The 1946–47 Divizia B was the eighth season of the second tier of the Romanian football league system.

The league was resumed after five years in which was suspended due to World War II. The format of three series was maintained, but this time the series were much larger, 15 teams in the first one, 14 for each of the other two. This season is practically the beginning of the professionalism of Romanian football, new clubs are enrolled, others are moved back in the Romanian championship. At the end of the season four teams promoted to Divizia A, the winners of the series and a fourth team established after a promotion play-off between second places and the best third place.

== Team changes ==
The classic format of promotion and relegation is not relevant this season because after a pause of 5 years and due to the troubled historical frame, many teams were dissolved, others were newly founded and submitted directly in the Divizia A or Divizia B and also the teams which were moved in the Hungarian football league system in 1940 after the signing of the Second Vienna Award were moved now back in the Romanian football league system after the signing of the Paris Peace Treaties. These teams were submitted also in different leagues, based much more on their situation at that time, not on their last rank in the Romanian football league system.

=== Promoted teams ===
Jiul Petroșani and Juventus București were promoted to Divizia A, meritorious promotion due to their rankings at the end of the 1940–41 season 1st place in their series.

CFR Timișoara (6th, Serie I) and Prahova Ploiești (7th, Serie III) were also promoted to Divizia A.

=== Relegated teams ===
Cimentul Turda, Franco-Româna Brăila, Metalosport Călan and Vitrometan Mediaș were relegated to Divizia C.

Dacia VA Galați was relegated in the local championship.

Ripensia Timișoara (3rd, Divizia A) and FC Brăila (13th, Divizia A) were relegated directly to Divizia C, without playing in the second season.

=== New teams ===
Unirea Tricolor București was the champion of Romania at the end of the 1940–41 season, but restarted the championship in the Divizia B.

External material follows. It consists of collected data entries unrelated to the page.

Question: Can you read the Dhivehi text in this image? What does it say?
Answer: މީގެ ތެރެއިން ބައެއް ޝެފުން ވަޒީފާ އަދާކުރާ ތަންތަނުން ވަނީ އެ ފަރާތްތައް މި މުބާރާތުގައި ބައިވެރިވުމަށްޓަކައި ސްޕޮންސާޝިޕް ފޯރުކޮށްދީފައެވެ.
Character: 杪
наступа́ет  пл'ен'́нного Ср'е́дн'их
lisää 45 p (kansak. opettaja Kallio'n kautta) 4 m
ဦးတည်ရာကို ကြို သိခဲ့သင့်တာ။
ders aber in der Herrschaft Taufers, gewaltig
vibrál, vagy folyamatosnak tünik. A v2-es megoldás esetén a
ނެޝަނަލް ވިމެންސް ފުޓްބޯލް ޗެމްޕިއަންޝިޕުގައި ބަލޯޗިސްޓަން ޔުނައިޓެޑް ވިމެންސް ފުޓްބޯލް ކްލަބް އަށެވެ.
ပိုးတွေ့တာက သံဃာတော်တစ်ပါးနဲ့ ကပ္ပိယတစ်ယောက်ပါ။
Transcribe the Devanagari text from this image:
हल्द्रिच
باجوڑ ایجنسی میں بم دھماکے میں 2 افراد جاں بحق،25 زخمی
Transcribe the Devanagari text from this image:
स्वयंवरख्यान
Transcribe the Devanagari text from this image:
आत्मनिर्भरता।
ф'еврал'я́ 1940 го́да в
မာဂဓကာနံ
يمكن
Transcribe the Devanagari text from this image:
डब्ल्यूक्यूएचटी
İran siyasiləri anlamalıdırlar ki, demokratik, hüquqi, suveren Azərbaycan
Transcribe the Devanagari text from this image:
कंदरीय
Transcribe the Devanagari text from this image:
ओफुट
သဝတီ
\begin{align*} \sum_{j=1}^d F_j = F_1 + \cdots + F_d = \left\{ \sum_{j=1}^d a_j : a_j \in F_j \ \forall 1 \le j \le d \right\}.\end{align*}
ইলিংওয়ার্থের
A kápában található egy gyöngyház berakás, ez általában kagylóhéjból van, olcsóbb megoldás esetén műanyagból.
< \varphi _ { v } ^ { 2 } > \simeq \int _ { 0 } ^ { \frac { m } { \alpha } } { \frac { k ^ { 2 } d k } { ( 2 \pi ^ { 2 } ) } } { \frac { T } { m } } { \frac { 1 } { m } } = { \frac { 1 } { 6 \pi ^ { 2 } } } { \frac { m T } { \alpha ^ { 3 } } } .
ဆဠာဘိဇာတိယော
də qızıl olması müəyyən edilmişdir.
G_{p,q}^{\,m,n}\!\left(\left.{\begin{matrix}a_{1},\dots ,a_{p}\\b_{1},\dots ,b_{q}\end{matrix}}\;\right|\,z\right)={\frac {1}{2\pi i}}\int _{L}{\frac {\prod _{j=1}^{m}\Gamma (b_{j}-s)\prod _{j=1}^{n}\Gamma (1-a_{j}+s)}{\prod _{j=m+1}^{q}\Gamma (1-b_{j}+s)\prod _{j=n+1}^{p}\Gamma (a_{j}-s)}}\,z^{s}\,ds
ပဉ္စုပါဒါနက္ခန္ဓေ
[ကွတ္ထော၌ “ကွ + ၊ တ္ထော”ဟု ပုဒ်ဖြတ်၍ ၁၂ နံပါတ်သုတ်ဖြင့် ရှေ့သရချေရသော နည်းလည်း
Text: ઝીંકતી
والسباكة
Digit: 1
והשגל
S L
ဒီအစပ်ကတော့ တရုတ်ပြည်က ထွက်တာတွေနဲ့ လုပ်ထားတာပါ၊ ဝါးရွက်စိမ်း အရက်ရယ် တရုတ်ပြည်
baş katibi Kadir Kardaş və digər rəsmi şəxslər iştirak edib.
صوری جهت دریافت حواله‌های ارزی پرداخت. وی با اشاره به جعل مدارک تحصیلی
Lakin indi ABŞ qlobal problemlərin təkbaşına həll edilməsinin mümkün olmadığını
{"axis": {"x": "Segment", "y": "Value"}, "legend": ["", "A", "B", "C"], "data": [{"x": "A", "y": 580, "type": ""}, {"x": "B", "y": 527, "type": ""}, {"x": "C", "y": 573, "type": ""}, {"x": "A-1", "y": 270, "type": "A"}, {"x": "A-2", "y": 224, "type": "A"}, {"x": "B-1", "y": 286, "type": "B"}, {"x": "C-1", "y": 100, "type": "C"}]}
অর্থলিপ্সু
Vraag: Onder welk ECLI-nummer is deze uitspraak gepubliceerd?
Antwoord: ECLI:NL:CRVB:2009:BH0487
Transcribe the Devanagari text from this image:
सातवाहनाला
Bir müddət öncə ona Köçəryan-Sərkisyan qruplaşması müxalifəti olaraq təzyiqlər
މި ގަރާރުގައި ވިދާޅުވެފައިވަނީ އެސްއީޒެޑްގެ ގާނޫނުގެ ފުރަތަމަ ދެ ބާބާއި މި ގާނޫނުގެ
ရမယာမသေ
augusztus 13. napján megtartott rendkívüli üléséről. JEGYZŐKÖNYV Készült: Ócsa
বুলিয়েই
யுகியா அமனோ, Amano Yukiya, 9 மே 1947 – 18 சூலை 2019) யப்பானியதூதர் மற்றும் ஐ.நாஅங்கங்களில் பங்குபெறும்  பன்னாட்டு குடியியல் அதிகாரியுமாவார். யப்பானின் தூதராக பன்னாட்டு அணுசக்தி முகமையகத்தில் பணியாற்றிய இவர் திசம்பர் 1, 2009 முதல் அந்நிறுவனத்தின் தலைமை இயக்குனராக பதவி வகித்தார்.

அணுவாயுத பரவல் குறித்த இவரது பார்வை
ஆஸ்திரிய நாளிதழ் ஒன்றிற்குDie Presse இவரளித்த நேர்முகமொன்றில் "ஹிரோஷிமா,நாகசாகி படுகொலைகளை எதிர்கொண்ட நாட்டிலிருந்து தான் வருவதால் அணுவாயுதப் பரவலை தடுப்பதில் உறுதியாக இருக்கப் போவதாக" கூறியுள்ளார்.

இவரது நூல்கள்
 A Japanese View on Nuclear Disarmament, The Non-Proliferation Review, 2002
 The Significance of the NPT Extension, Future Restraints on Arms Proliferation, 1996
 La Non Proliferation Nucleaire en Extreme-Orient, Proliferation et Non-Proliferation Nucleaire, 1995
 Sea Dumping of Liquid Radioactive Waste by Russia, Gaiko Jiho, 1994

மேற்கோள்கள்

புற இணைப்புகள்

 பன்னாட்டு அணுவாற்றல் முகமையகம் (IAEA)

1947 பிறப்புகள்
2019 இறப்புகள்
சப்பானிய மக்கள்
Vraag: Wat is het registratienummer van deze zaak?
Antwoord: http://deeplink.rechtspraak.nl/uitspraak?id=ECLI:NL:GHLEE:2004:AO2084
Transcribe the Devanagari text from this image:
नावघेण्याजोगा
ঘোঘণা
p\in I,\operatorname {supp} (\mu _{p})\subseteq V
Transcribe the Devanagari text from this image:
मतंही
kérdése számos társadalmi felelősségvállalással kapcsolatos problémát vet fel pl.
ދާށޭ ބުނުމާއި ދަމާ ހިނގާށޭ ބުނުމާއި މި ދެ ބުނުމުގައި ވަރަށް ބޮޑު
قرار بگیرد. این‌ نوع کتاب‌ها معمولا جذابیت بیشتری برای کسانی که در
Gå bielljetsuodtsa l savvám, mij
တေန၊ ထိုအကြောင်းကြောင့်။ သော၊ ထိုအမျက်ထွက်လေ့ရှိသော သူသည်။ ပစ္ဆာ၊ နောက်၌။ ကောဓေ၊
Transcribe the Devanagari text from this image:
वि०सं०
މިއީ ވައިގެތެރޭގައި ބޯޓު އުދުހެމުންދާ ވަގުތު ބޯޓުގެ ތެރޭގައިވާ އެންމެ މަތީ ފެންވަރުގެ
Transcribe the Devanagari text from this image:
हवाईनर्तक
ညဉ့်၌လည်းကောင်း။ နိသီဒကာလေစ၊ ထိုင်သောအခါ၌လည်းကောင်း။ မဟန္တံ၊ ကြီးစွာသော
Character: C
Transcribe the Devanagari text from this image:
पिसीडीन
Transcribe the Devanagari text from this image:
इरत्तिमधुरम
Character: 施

Venus București (4th, Divizia A), Mica Brad (5th, Divizia A), Sportul Studențesc (6th, Divizia A), FC Ploiești (10th, Divizia A), Gloria CFR Galați (12th, Divizia A) restarted the championship in the Divizia B.

Gloria Arad (8th, Divizia A), promoted in 1940, was relegated back to the second league.

AMEF Arad and Feroemail Ploiești were re-enrolled in the Romanian football league system after the abusively exclusion commanded by the legionary regime in 1940.

CFR Târgu Mureș, Crișana Oradea, Dermata Cluj, Oltul Sfântu Gheorghe, Phoenix Baia Mare, Stăruința Satu Mare and Victoria Cluj moved in the Romanian football league system due to the Paris Peace Treaties, territory of Northern Transylvania being assigned from Hungary back to Romania.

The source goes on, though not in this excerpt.